What other grades are interesting to look at?

What are your thoughts?

Hardwearing, clean finish are important. watch not designed for sea use etc. so extreme corrosion resistance not important.


----------



## xzqt (Jan 26, 2013)

Base on the above specification, the answer is already there for watch case usage :

 SS 416 
Not Good For:
- Poor resistance to general corrosion, due to the Sulphur addition.
- Very poor resistance to Chloride pitting and crevice corrosion - not suitable for any
marine applications at any temperature.....................

*316
Good For:
- Good resistance to a wide range of chemicals - generally somewhat better than 304.
- Useful resistance to Chlorides, especially if cold - safe sea water temperature 22 Deg C.


----------



## jbenham1 (Sep 12, 2012)

I know the 316l is the more obvious choice, it was more an introduction to an open dialogue about other grades and their quirks, it would be nice to find a grade I haven't heard of or considered, especially because marine use etc. isn't what the watch will be used for. 

Cheers for your reply.


----------



## pithy (Aug 22, 2010)

jbenham1 said:


> I know the 316l is the more obvious choice, it was more an introduction to an open dialogue about other grades and their quirks, it would be nice to find a grade I haven't heard of or considered, especially because marine use etc. isn't what the watch will be used for. Cheers for your reply.


unobtanium 2217


----------



## jbenham1 (Sep 12, 2012)

pithy said:


> unobtanium 2217


I can't seem to find that pithy, is it a kind of stainless? Is it waterproof?

----

Something that actually is unobtanium is 0.4mm glass and how to cut it!!


----------



## pithy (Aug 22, 2010)

Myself - I'd use sterling silver or fine (one of those big commerative coins) or some hypoallergenic bronze - but that's just me. Anything other than tungsten carbide is OK though. [I'd like to have a Benham #1 in blued gunmetal. What do you think?]

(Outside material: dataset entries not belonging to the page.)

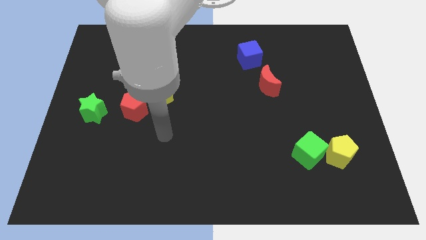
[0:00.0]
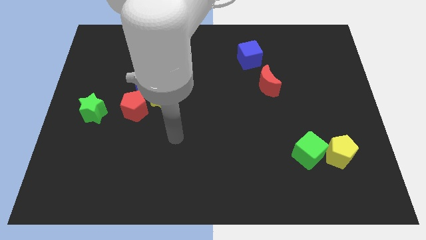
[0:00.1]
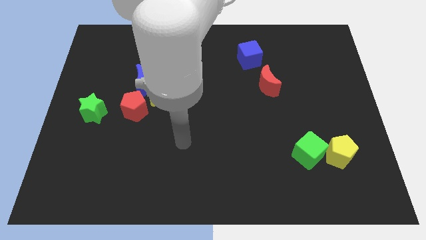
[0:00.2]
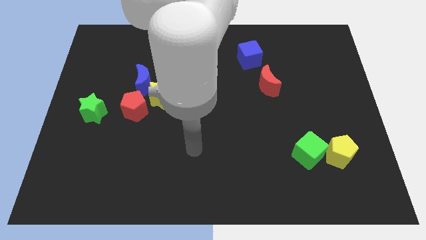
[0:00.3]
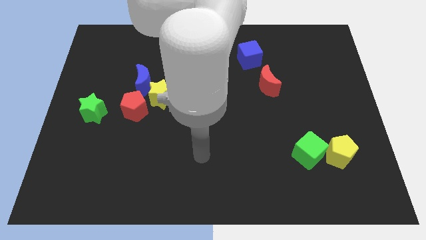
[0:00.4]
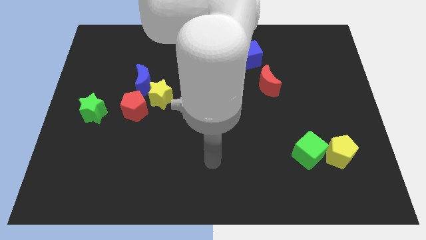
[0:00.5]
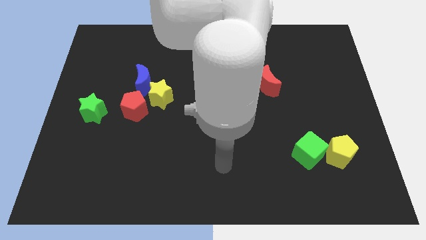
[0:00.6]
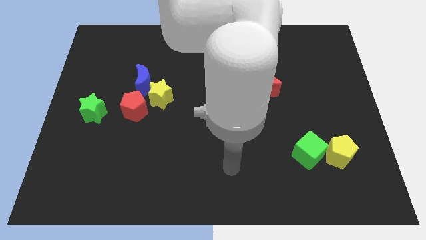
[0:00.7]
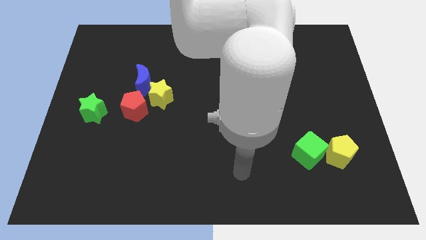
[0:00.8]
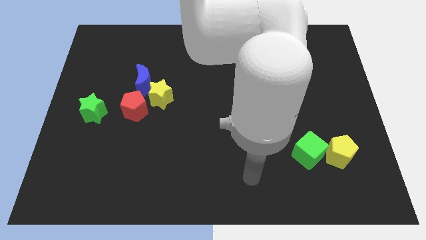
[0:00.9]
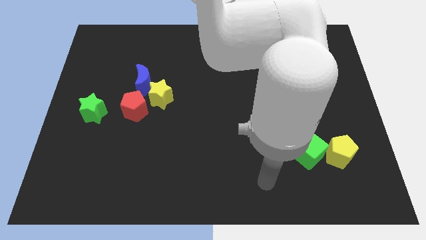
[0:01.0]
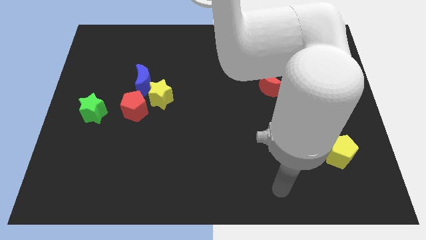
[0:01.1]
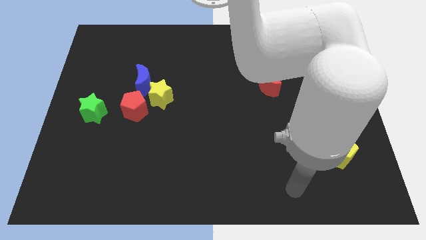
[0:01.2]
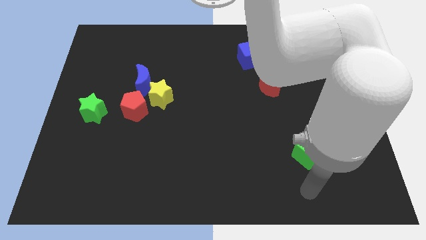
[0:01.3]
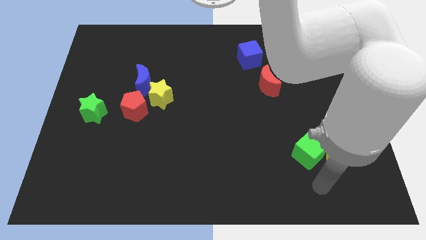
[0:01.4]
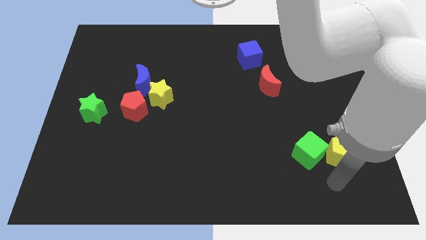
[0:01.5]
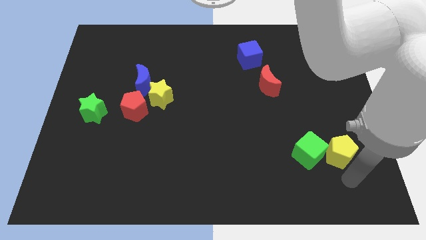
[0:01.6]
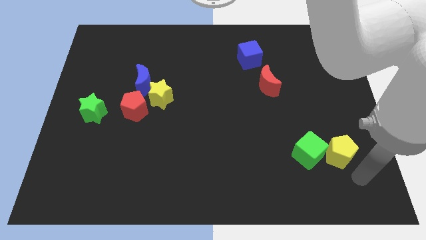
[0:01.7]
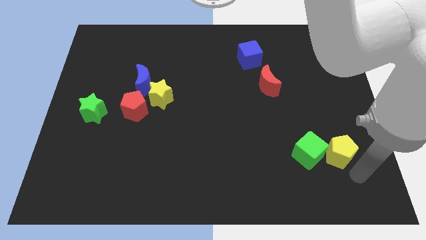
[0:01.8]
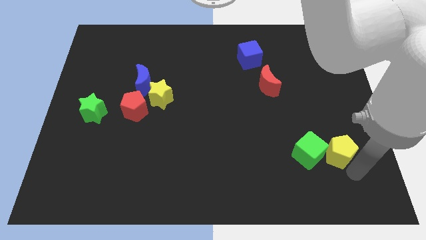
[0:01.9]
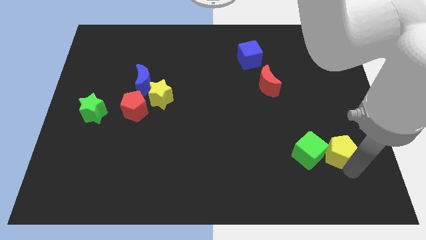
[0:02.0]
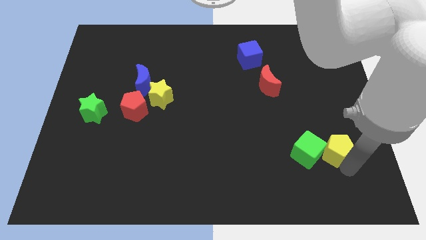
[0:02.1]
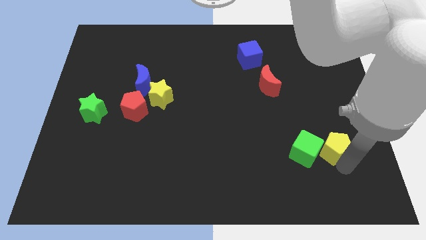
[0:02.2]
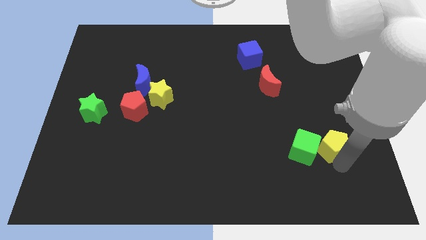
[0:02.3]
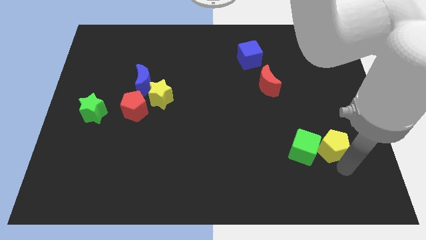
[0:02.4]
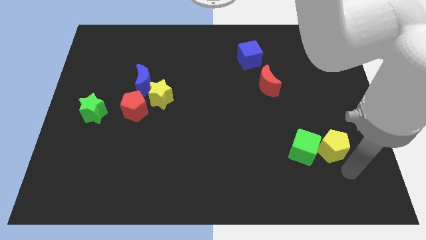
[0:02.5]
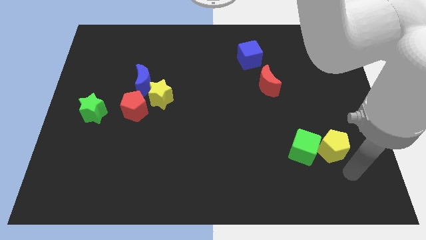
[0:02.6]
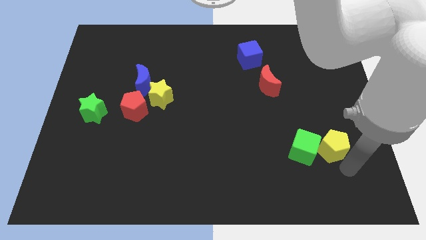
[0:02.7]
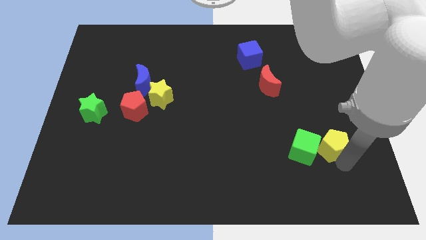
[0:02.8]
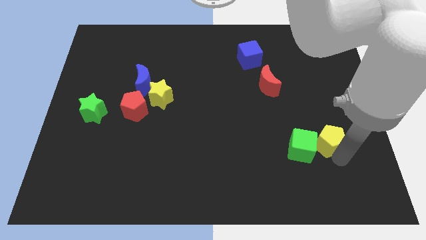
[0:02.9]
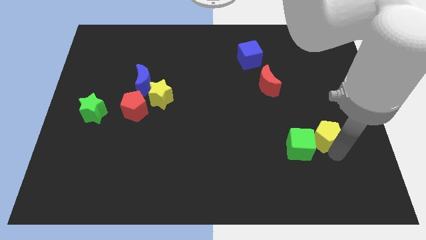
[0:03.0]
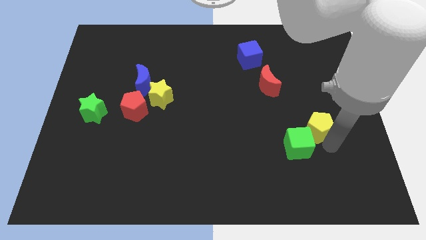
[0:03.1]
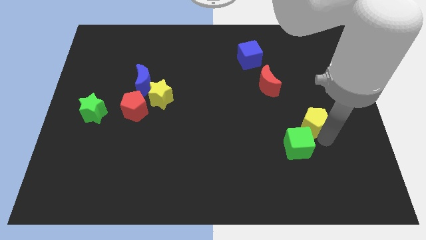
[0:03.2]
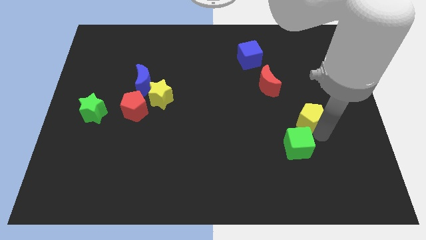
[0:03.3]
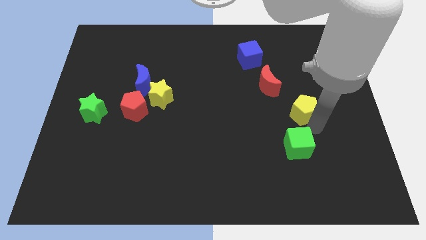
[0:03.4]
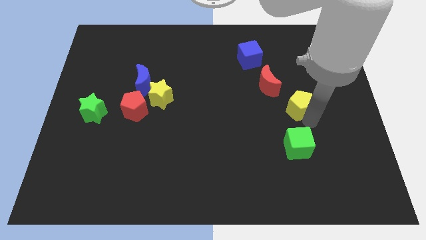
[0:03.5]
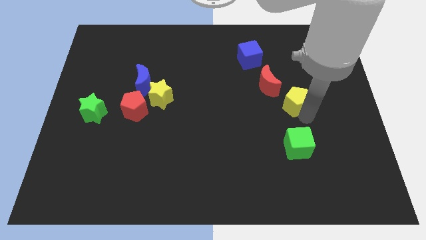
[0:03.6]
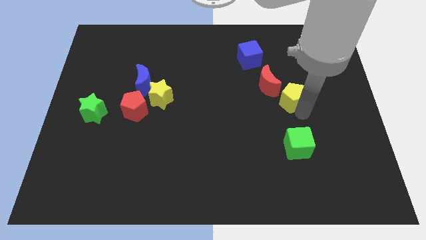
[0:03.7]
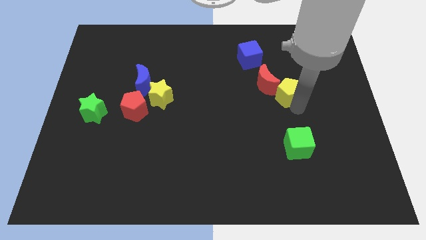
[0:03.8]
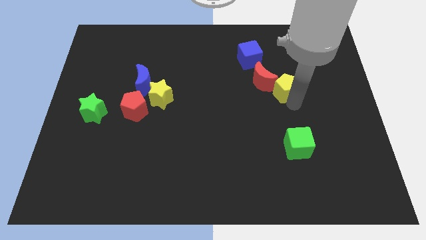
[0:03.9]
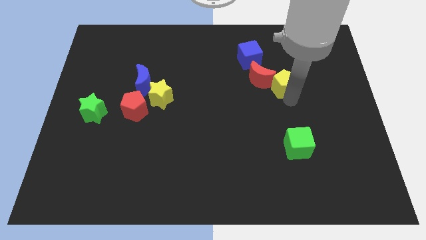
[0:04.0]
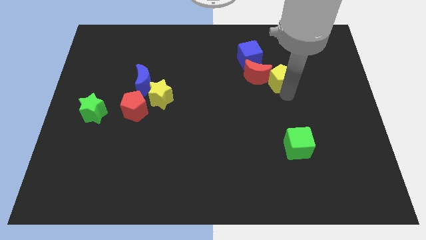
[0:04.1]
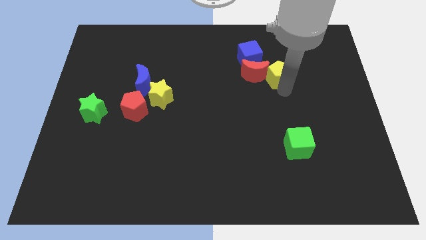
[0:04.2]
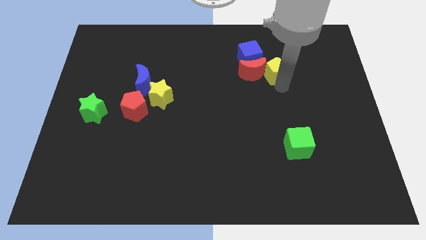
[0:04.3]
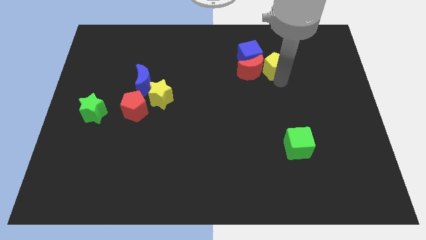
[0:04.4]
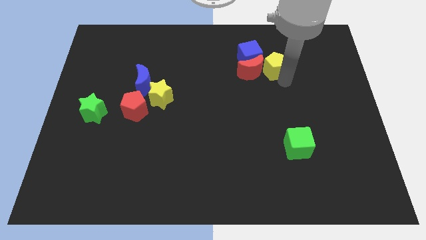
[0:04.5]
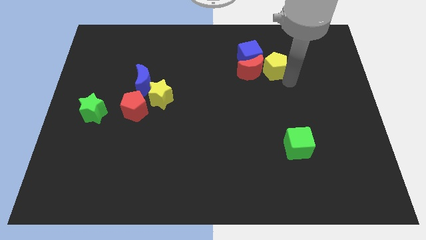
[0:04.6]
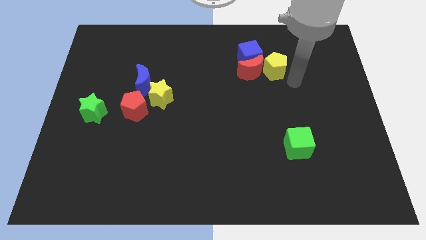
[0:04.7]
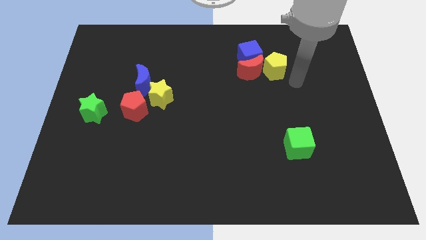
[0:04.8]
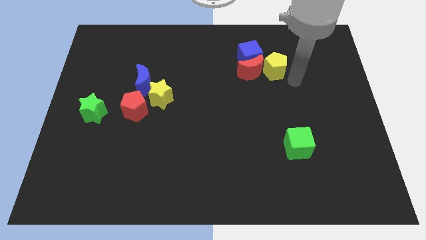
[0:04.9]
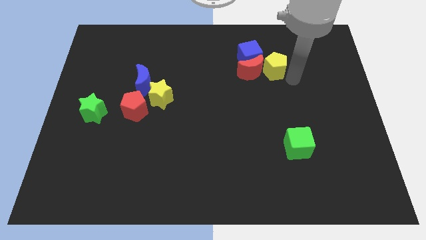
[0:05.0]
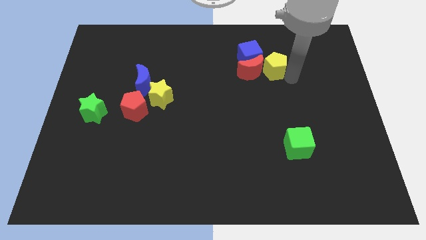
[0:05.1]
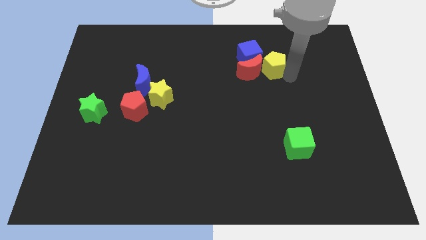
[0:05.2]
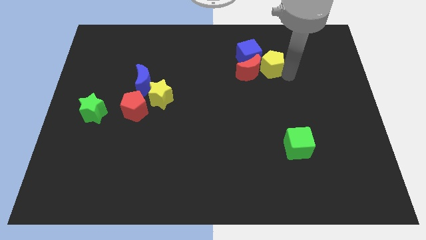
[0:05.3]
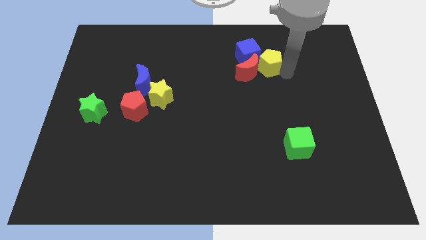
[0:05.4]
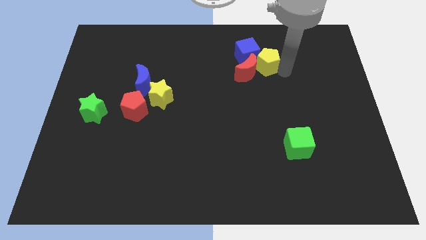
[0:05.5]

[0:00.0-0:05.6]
push the yellow pentagon towards the blue cube

All the ss can be brushed but some of it is a bear to bring to high polish.


----------



## xzqt (Jan 26, 2013)

Ohh, for discussion purpose.

Than may be :
bronze
Sterling silver
904 stainless steel, a low carbon, high alloy austenitic _stainless_ steel. It has excellent formability, weldability and toughness. Resistance to warm sea water and other high chloride environments.
Tungsten
Titanium (my favourite for diver watch !)
Even 14K gold !


----------